### Description of the task
Exactly reproduce the data from its first line through the line with "Parágrafo 3º O", leaving out every line after it.

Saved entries
★ ★ ★ ★ ★

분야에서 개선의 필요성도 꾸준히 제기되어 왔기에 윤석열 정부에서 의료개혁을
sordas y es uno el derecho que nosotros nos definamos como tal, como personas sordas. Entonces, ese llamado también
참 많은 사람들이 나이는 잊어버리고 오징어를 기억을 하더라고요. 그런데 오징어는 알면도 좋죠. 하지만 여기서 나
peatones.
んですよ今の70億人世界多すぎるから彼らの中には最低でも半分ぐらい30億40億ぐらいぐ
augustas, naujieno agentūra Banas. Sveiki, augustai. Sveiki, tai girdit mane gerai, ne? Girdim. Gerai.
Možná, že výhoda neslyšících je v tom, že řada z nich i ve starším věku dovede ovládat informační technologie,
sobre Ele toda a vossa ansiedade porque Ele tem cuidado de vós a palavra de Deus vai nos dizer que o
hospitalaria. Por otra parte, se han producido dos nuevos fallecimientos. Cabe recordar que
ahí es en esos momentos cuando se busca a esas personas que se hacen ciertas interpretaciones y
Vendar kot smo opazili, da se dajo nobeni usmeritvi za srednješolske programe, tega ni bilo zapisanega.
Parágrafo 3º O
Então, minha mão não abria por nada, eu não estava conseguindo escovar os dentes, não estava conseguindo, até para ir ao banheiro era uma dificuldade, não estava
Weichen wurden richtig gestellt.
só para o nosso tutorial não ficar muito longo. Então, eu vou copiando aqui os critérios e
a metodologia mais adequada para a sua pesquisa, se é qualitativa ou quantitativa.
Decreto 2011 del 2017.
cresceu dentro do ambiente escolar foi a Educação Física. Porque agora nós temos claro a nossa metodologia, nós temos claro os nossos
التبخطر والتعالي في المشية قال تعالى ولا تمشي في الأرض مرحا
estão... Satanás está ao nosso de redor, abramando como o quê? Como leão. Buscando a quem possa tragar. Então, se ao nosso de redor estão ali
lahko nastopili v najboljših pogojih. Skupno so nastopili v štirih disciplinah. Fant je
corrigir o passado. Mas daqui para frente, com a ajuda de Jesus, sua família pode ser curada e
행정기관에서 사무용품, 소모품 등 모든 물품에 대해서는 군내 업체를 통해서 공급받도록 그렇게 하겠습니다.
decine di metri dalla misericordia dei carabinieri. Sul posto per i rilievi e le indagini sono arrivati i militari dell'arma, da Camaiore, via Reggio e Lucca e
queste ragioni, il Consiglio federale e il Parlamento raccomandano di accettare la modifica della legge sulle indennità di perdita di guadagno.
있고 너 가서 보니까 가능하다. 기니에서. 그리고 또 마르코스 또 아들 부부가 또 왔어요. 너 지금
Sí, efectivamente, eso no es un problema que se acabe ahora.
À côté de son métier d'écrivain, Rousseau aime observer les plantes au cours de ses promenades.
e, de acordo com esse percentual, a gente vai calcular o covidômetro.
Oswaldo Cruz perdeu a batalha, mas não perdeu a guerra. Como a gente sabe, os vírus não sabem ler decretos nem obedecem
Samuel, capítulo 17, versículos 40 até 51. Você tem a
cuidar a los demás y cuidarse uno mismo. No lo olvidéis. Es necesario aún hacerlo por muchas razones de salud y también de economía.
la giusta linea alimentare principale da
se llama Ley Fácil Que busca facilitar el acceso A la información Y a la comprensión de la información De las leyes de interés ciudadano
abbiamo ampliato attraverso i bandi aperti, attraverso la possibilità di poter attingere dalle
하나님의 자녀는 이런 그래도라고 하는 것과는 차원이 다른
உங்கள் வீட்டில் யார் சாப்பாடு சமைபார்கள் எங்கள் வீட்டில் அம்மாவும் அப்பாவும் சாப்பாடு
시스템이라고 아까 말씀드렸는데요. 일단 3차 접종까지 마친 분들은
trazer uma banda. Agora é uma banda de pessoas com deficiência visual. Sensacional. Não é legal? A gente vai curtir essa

★ ★ ★ ★ ★

### Expected answer
분야에서 개선의 필요성도 꾸준히 제기되어 왔기에 윤석열 정부에서 의료개혁을
sordas y es uno el derecho que nosotros nos definamos como tal, como personas sordas. Entonces, ese llamado también
참 많은 사람들이 나이는 잊어버리고 오징어를 기억을 하더라고요. 그런데 오징어는 알면도 좋죠. 하지만 여기서 나
peatones.
んですよ今の70億人世界多すぎるから彼らの中には最低でも半分ぐらい30億40億ぐらいぐ
augustas, naujieno agentūra Banas. Sveiki, augustai. Sveiki, tai girdit mane gerai, ne? Girdim. Gerai.
Možná, že výhoda neslyšících je v tom, že řada z nich i ve starším věku dovede ovládat informační technologie,
sobre Ele toda a vossa ansiedade porque Ele tem cuidado de vós a palavra de Deus vai nos dizer que o
hospitalaria. Por otra parte, se han producido dos nuevos fallecimientos. Cabe recordar que
ahí es en esos momentos cuando se busca a esas personas que se hacen ciertas interpretaciones y
Vendar kot smo opazili, da se dajo nobeni usmeritvi za srednješolske programe, tega ni bilo zapisanega.
Parágrafo 3º O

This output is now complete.